Dataset records:

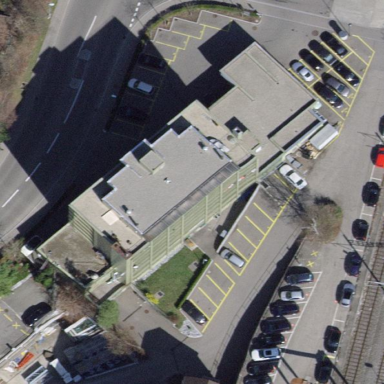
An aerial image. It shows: Retail area.
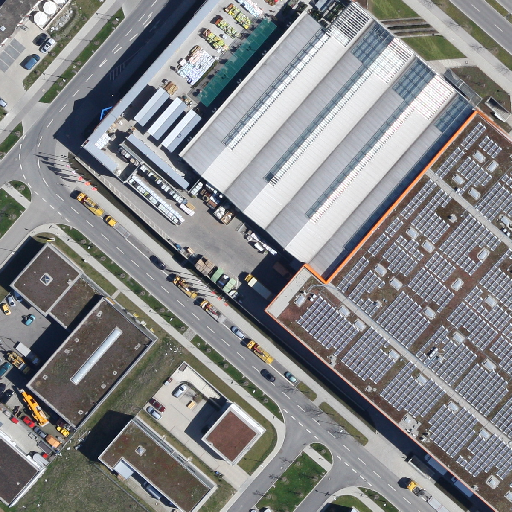
Referring expression: van in the parking area
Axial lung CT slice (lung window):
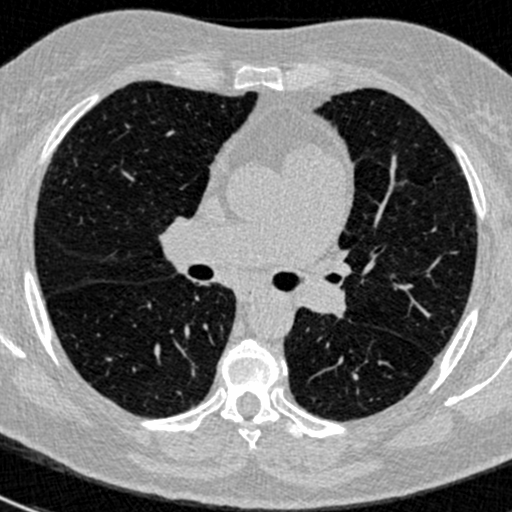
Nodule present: no
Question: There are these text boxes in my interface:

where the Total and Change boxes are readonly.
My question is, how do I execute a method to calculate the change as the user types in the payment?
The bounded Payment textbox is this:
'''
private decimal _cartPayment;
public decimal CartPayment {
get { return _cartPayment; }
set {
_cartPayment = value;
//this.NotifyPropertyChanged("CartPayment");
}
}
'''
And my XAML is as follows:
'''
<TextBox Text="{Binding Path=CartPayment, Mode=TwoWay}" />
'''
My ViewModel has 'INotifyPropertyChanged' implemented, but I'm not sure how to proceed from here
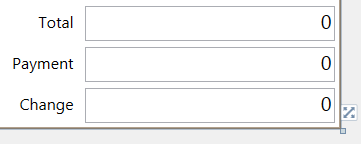
Answer: You can take advantage of UpdateSourceTrigger. You can modify your code like
'''
<TextBox Text="{Binding Path=CartPayment, Mode=TwoWay, UpdateSourceTrigger=PropertyChanged}" />
'''
and your property like
'''
private decimal _cartPayment;
public decimal CartPayment
{
get { return _cartPayment; }
set
{
_cartPayment = value;
// call your required
// method here
this.NotifyPropertyChanged("CartPayment");
}
}
'''
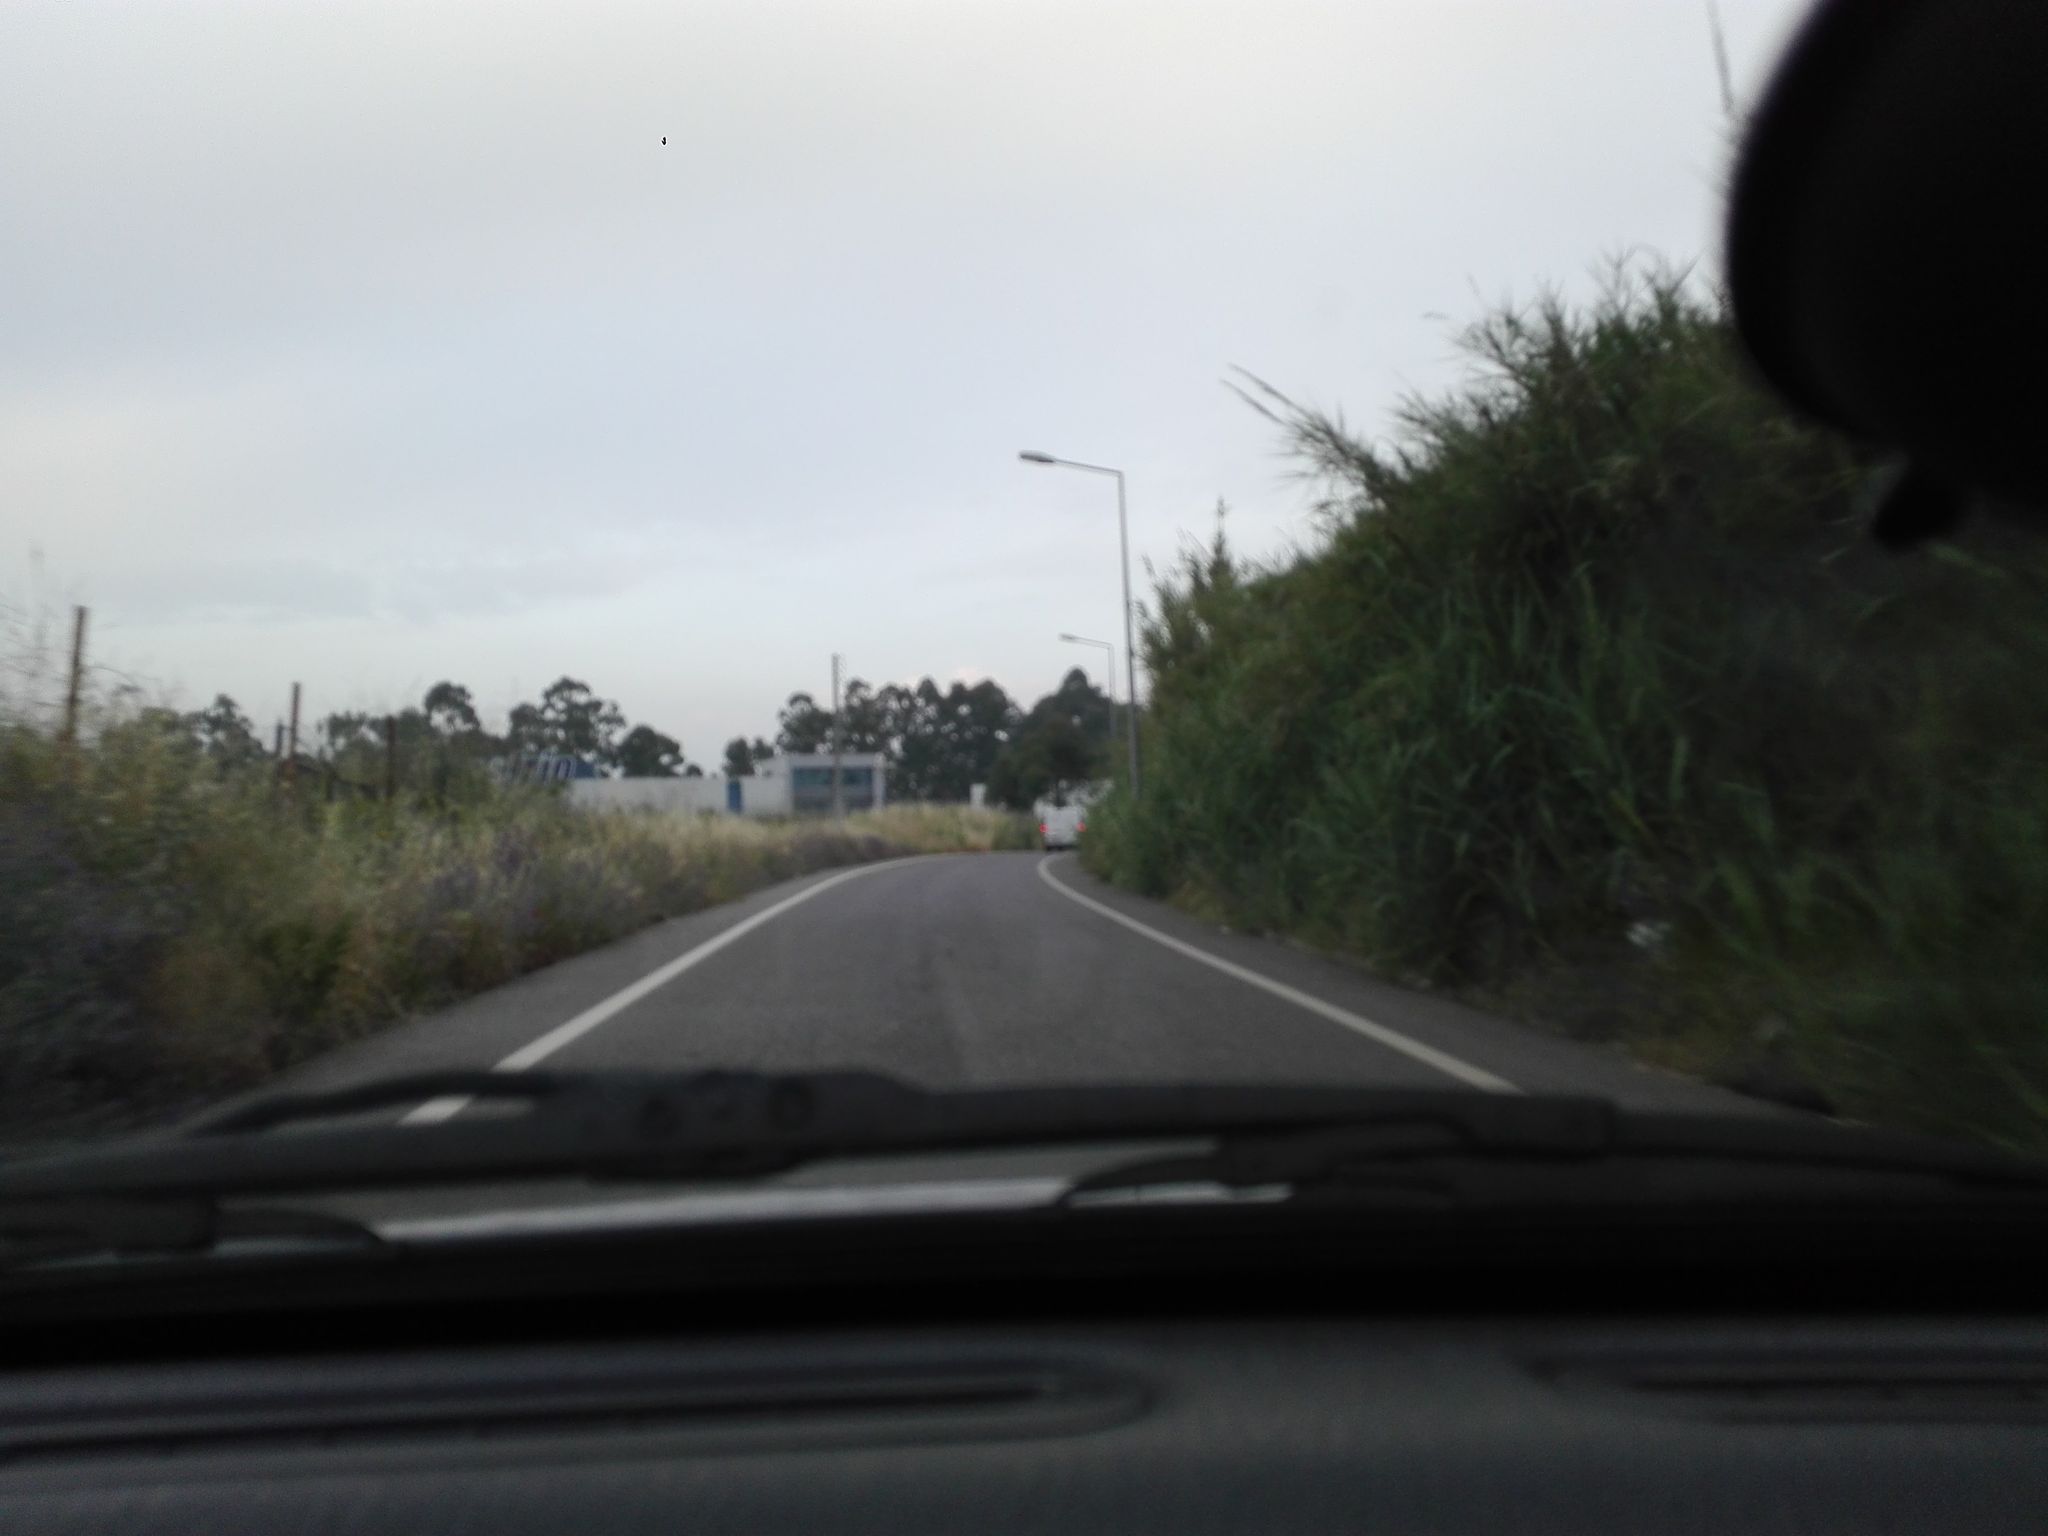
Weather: snowy
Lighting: day
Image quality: slightly poor
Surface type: driving surface
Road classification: residential, tertiary
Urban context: urban centre
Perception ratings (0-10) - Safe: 6.09, Lively: 3.94, Beautiful: 5.33, Boring: 4.73, Depressing: 3.92, Wealthy: 3.29

» Try it: Print each line, exactly as written, from the one that contains "Lighting: day" to the end of the data above, with both end lines included and nothing else.

» Output of the task:
Lighting: day
Image quality: slightly poor
Surface type: driving surface
Road classification: residential, tertiary
Urban context: urban centre
Perception ratings (0-10) - Safe: 6.09, Lively: 3.94, Beautiful: 5.33, Boring: 4.73, Depressing: 3.92, Wealthy: 3.29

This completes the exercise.